Problem statement.
Pictures must not appear; the answer is exactly the lines from the one that holds "Frame captured 26.7 s after image 1." through the end of the material.

Material for the task.
Segment Open
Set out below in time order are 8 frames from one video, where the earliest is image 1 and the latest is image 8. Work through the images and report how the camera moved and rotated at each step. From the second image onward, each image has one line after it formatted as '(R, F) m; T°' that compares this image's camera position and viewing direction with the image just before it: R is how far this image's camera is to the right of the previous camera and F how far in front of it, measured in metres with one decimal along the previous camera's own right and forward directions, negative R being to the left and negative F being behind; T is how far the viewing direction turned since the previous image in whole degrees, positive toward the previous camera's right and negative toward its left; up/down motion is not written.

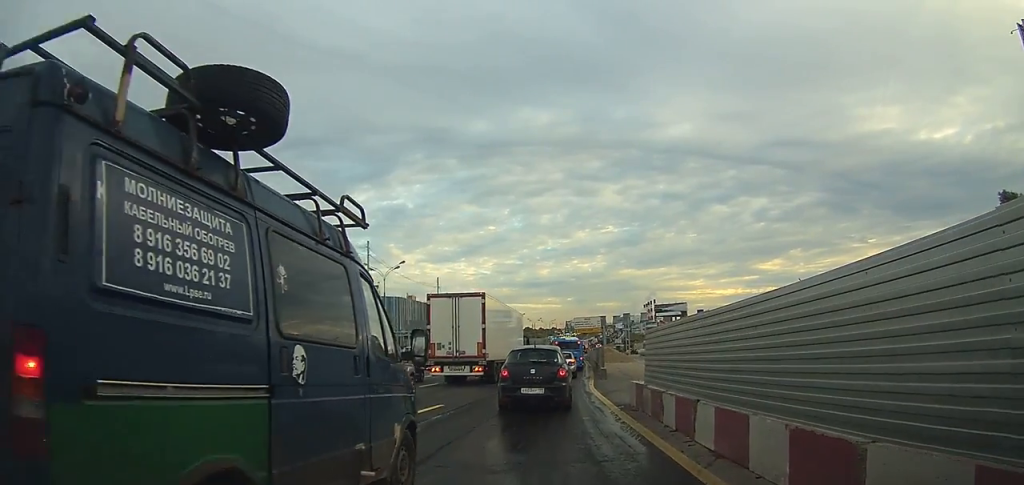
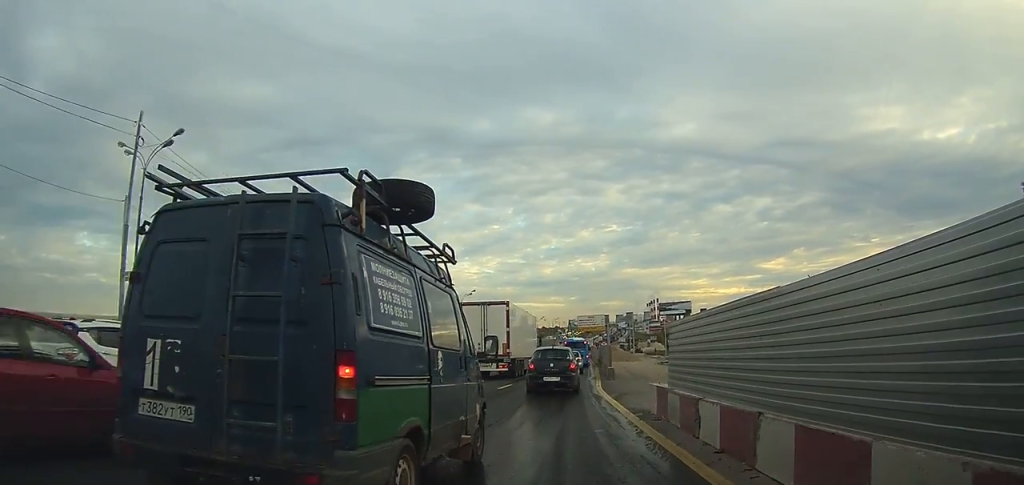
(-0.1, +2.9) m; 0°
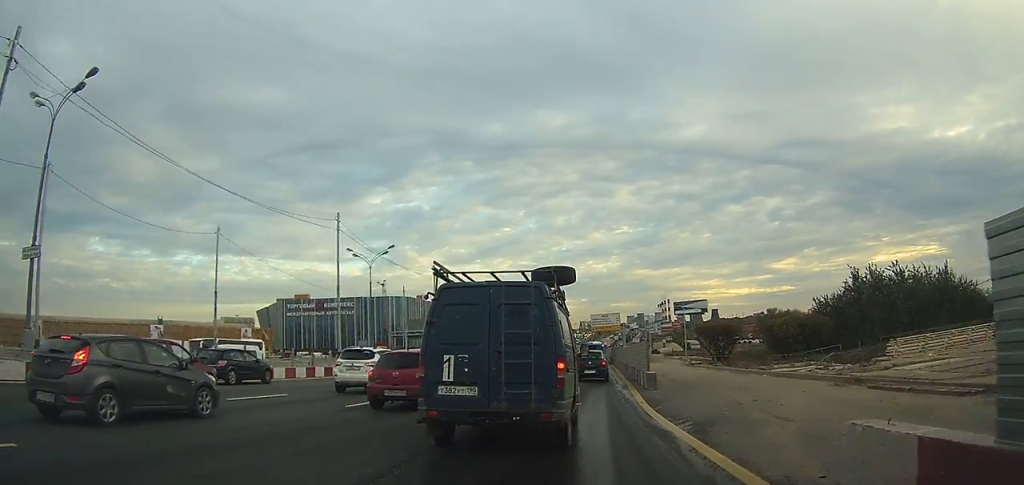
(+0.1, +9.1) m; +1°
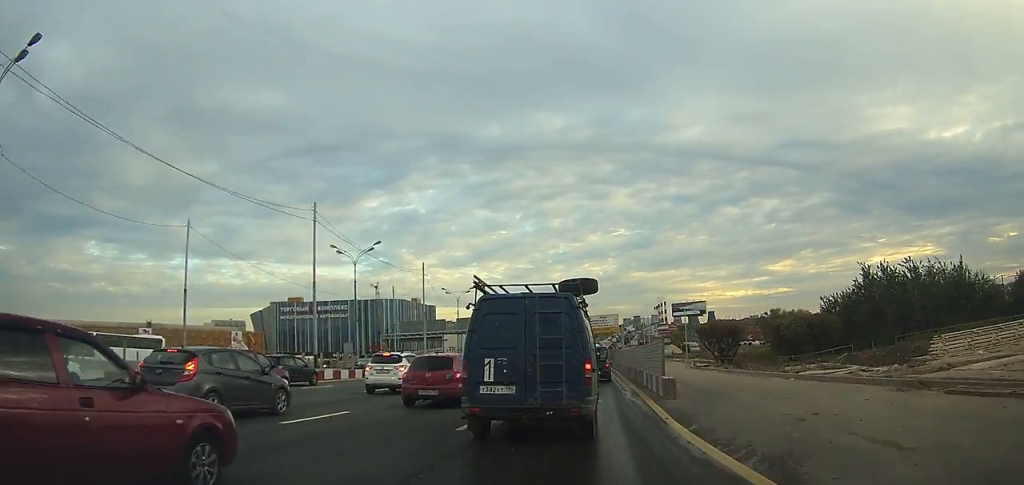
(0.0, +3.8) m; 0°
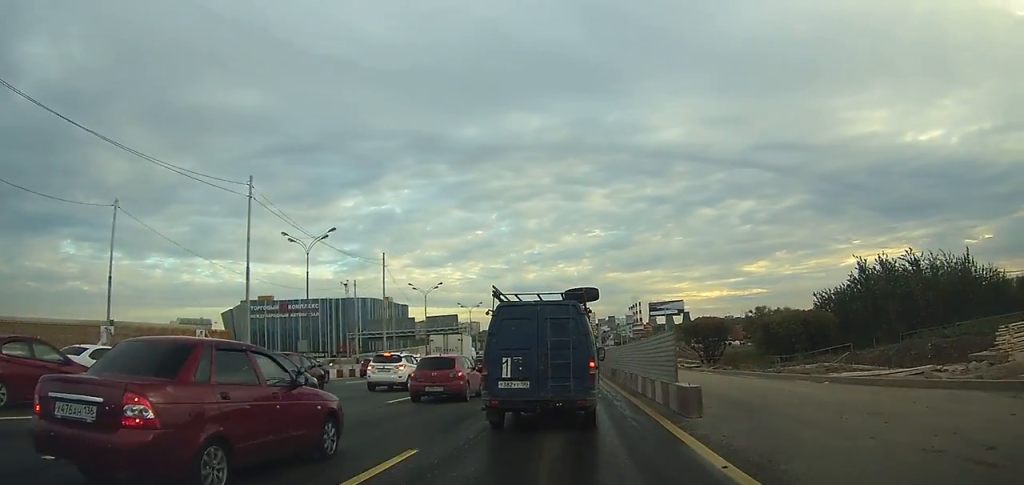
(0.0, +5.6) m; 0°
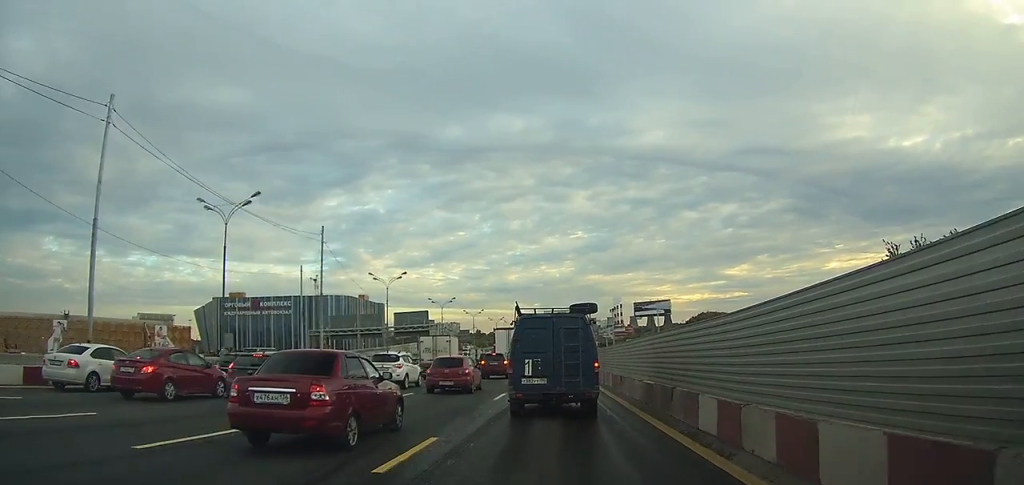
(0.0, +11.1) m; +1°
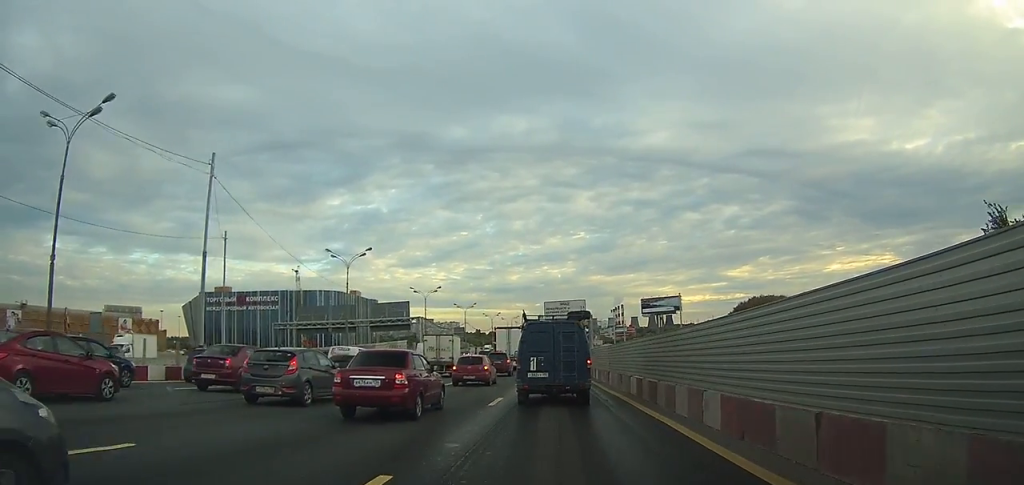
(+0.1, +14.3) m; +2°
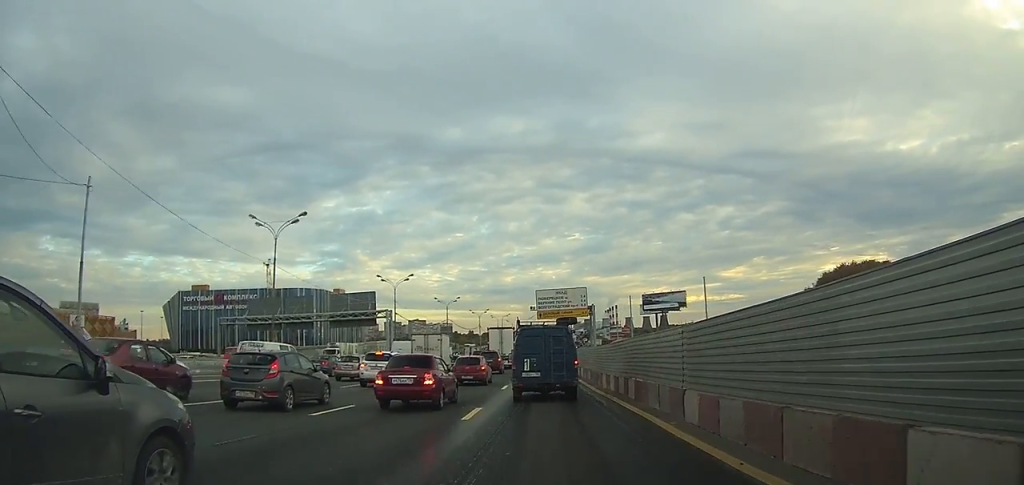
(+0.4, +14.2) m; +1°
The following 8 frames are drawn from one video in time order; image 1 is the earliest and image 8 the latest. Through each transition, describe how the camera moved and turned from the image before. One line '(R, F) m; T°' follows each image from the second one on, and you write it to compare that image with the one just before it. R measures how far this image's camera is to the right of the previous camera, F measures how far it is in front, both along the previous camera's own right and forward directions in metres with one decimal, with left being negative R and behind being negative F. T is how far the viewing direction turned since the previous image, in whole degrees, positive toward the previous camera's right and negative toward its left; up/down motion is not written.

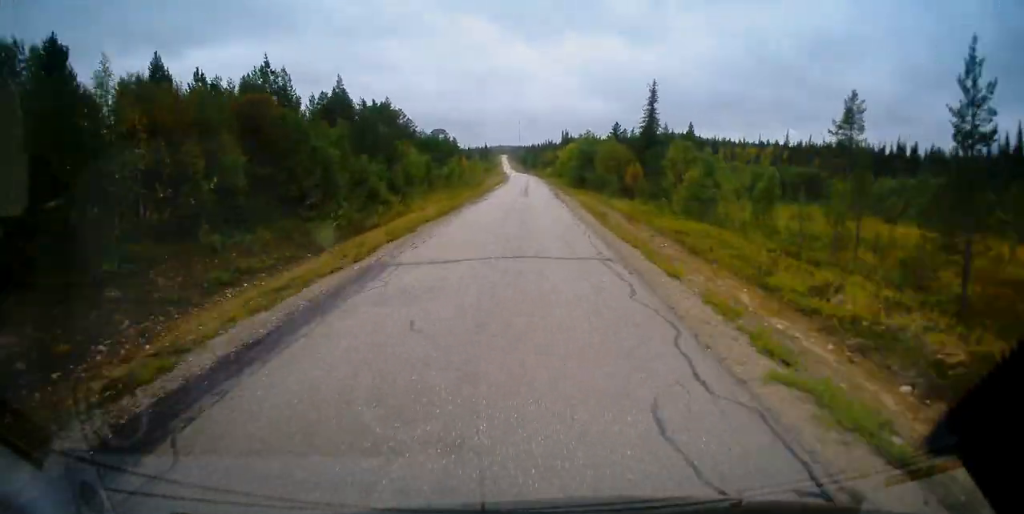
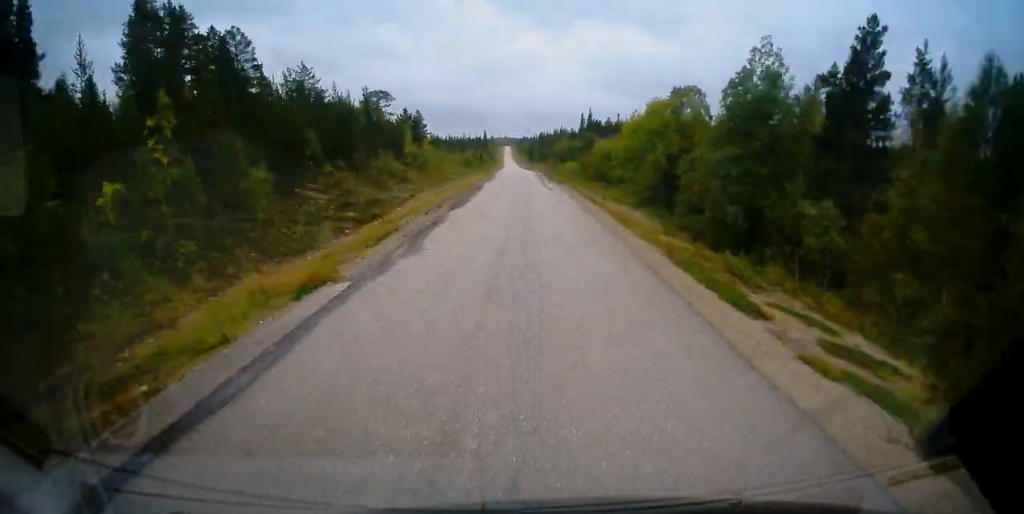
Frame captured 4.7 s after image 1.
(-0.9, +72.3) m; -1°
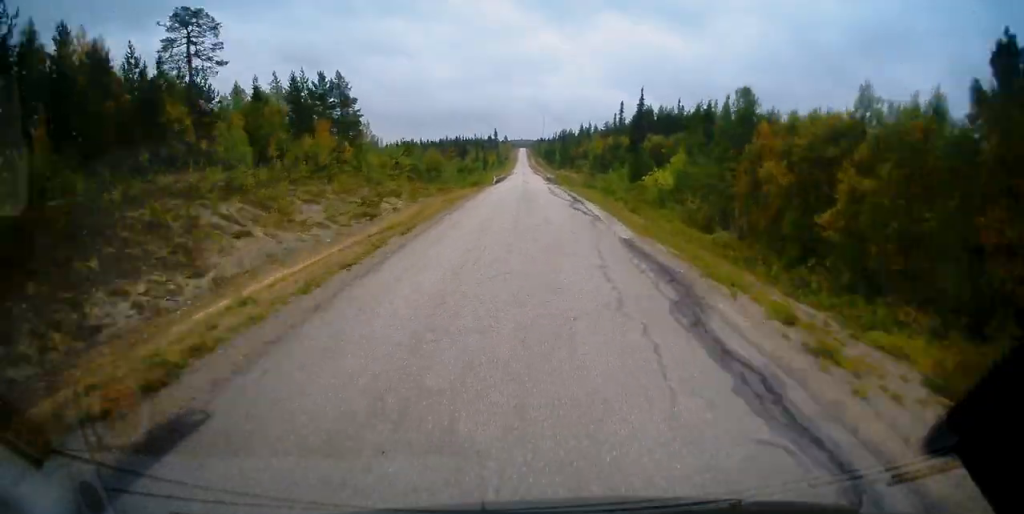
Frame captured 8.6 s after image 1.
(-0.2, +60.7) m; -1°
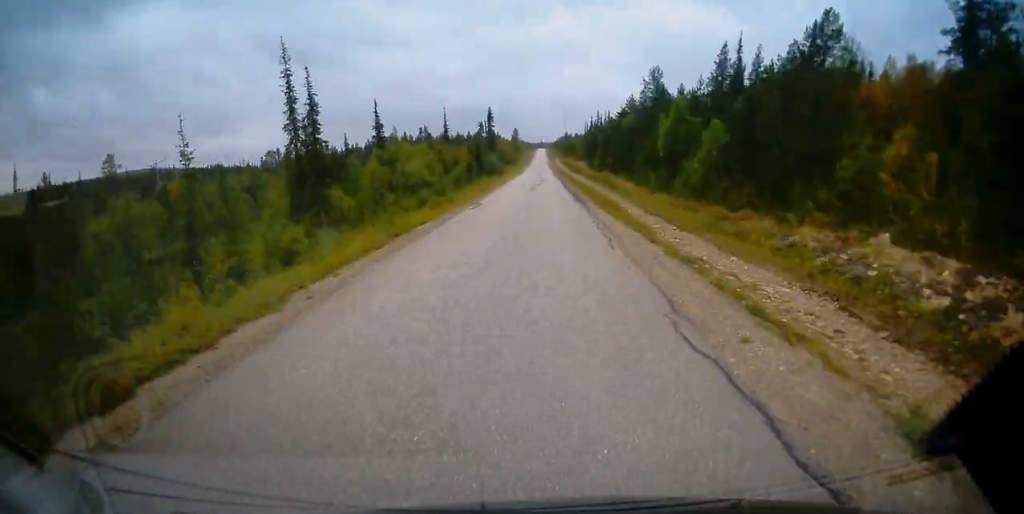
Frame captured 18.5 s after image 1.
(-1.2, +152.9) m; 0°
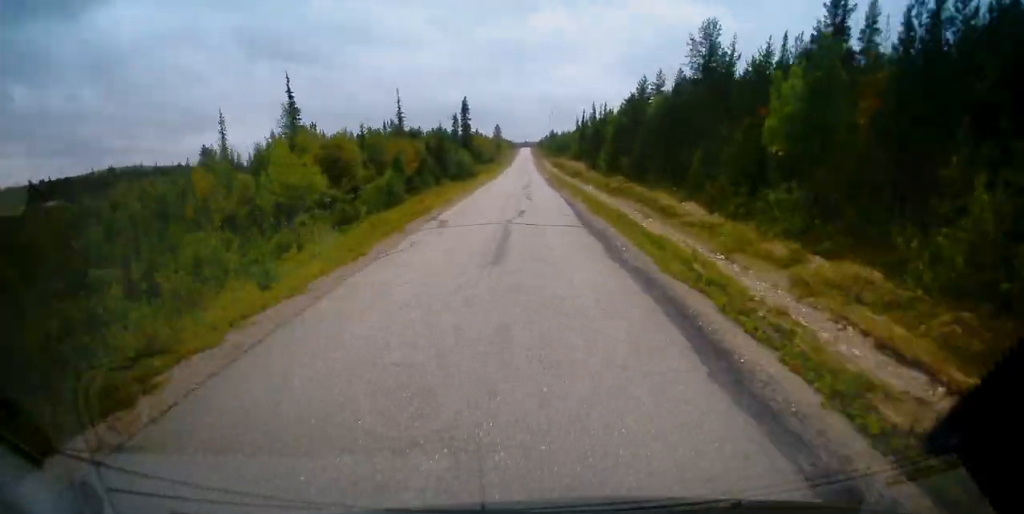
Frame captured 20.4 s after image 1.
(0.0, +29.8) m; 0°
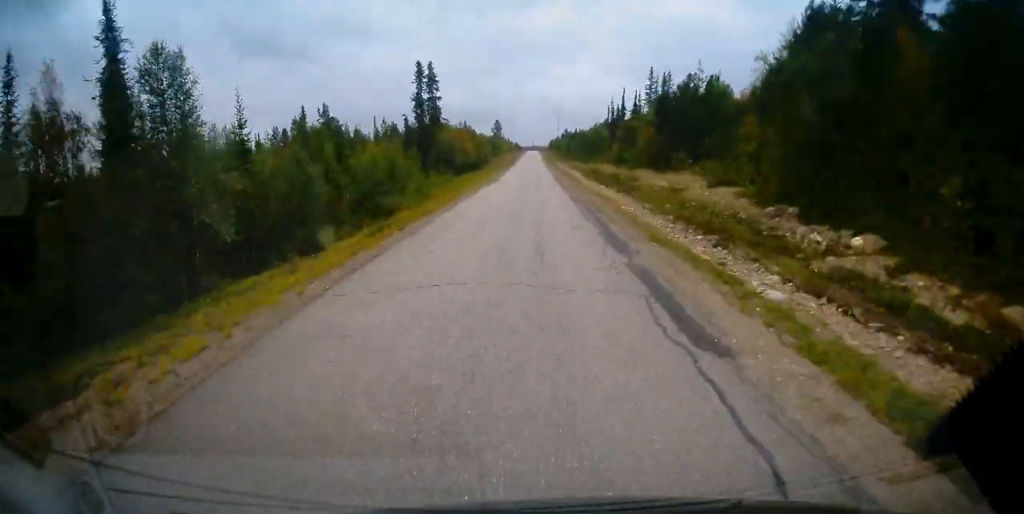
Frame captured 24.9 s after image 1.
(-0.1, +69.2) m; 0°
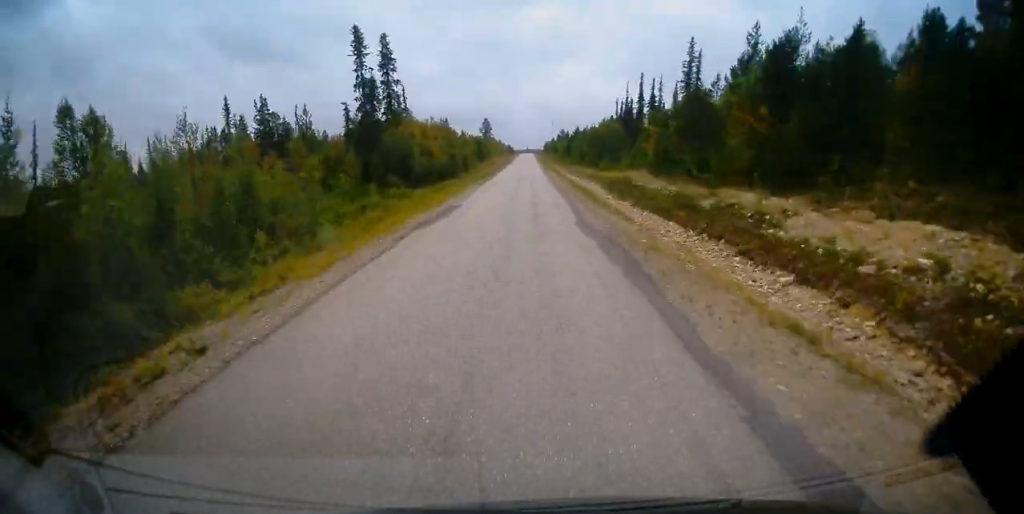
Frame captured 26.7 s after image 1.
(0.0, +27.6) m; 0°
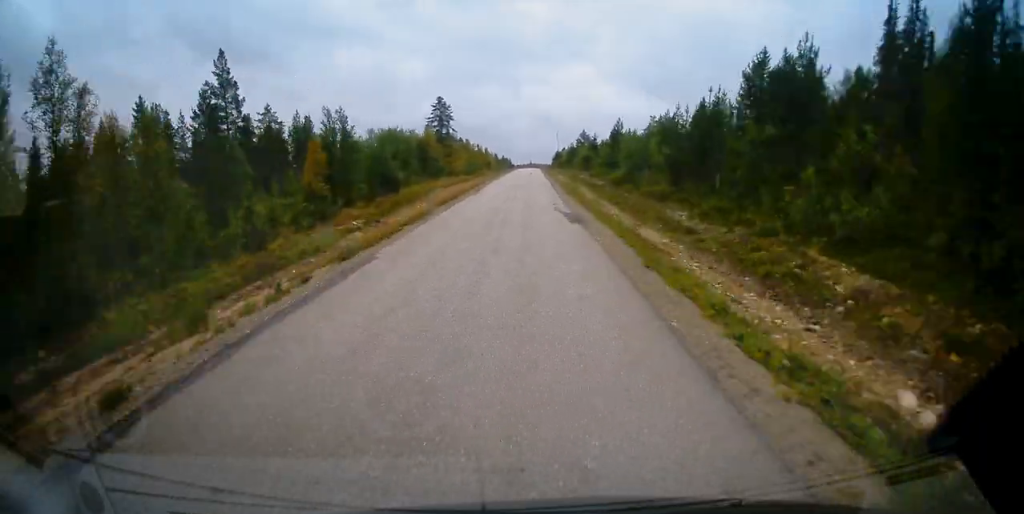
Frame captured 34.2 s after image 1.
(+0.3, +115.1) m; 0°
Segment Closed
Answer section.
Frame captured 26.7 s after image 1.
(0.0, +27.6) m; 0°
Frame captured 34.2 s after image 1.
(+0.3, +115.1) m; 0°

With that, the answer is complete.